Let's see you have specified the second argument of open function like this:
open my $fh, ">:via(File::BOM):encoding(UTF-8)", $file or die "Cannot open $file: $!";
Here you specify the :via(File::BOM)
first and :encoding(UTF-8)"
,
Then, the output string will be cut in the middle.
Following script attempts to output the UTF-8 text file with BOM, The contents should be concatenation of strings from "xxx yyyy1" to "xxx yyyy100", incrementing the trailing number, and delimitted with " / ".
#!/usr/bin/perl
# bomTest.pl
use strict;
use warnings;
use File::BOM;
use feature 'say';
my $file = '/home/cf/Desktop/foo.txt';
open my $fh, ">:via(File::BOM):encoding(UTF-8)", $file or die "Cannot open $file: $!";
say $fh 'xxx yyyy1 / xxx yyyy2 / xxx yyyy3 / xxx yyyy4 / xxx yyyy5 / xxx yyyy6 / xxx yyyy7 / xxx yyyy8 / xxx yyyy9 / xxx yyyy10 / ' .
'xxx yyyy11 / xxx yyyy12 / xxx yyyy13 / xxx yyyy14 / xxx yyyy15 / xxx yyyy16 / xxx yyyy17 / xxx yyyy18 / xxx yyyy19 / xxx yyyy20 / ' .
... snip ...
'xxx yyyy71 / xxx yyyy72 / xxx yyyy73 / xxx yyyy74 / xxx yyyy75 / xxx yyyy76 / xxx yyyy77 / xxx yyyy78 / xxx yyyy79 / xxx yyyy80 / ' .
'xxx yyyy81 / xxx yyyy82 / xxx yyyy83 / xxx yyyy84 / xxx yyyy85 / xxx yyyy86 / xxx yyyy87 / xxx yyyy88 / xxx yyyy89 / xxx yyyy90 / ' .
'xxx yyyy91 / xxx yyyy92 / xxx yyyy93 / xxx yyyy94 / xxx yyyy95 / xxx yyyy96 / xxx yyyy97 / xxx yyyy98 / xxx yyyy99 / xxx yyyy100';
close $fh;
The output file foo.txt will be will be UTF-8 file with the BOM (0x EF BB BF) at the top of the file, but the string will be terminated at the middle as below:
xxx yyyy1 / xxx yyyy2 / xxx yyyy3 / xxx yyyy4 / xxx yyyy5 / xxx yyyy6 / xxx yyyy7 / xxx yyyy8 / xxx yyyy9 / xxx yyyy10 / xxx yyyy11 / xxx yyyy12 / xxx yyyy13 / xxx yyyy14 / xxx yyyy15 / xxx yyyy16 / xxx yyyy17 / xxx yyyy18 / xxx yyyy19 / xxx yyyy20 / ...snip... xxx yyyy71 / xxx yyyy72 / xxx yyyy73 / xxx yyyy74 / xxx yyyy75 / xxx yyyy76 / xxx yyyy77 / xxx yyyy78 / xxx yyyy79 / xxx yy
The output stops in the middle of "xxx yyyy80".
Now if you change the script like this:
open my $fh, ">:encoding(UTF-8):via(File::BOM)", $file or die "Cannot open $file: $!";
The changed point is the order of I-O Layer.

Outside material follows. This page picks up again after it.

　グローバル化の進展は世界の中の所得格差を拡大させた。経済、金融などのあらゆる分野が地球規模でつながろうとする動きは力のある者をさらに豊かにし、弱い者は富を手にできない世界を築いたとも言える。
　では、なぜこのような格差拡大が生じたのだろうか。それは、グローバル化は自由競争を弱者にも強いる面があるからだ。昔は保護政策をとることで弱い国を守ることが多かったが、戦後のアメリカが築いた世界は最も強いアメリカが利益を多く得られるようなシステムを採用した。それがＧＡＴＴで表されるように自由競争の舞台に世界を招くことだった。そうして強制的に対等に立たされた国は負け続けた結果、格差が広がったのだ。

You specified :encoding(UTF-8) first and :via(File::BOM) last.
Then the script run completely to "xxx yyyy100".
What is this phenomenon?
Is it the bug of Perl encoding?
Or else the one of File::BOM
module?
Or is it the reasonable specification of them?
The answer is already in the question: You used ">:via(File::BOM):encoding(UTF-8)"
when you should have used ">:encoding(UTF-8):via(File::BOM)"
.
From the docs,
Add the via(File::BOM) layer on top of a unicode encoding layer to print a BOM at the start of the output file. This needs to be done before any data is written. The BOM is written as part of the first print command on the handle, so if you don't print anything to the handle, you won't get a BOM.
It's not clear which layer is on top of which other layer, but the example makes it clear.
# Writing little-endian UTF-16 file with BOM: open(HANDLE, '>:encoding(UTF-16LE):via(File::BOM)', $filename)
The bug is yours. This is a case of GIGO.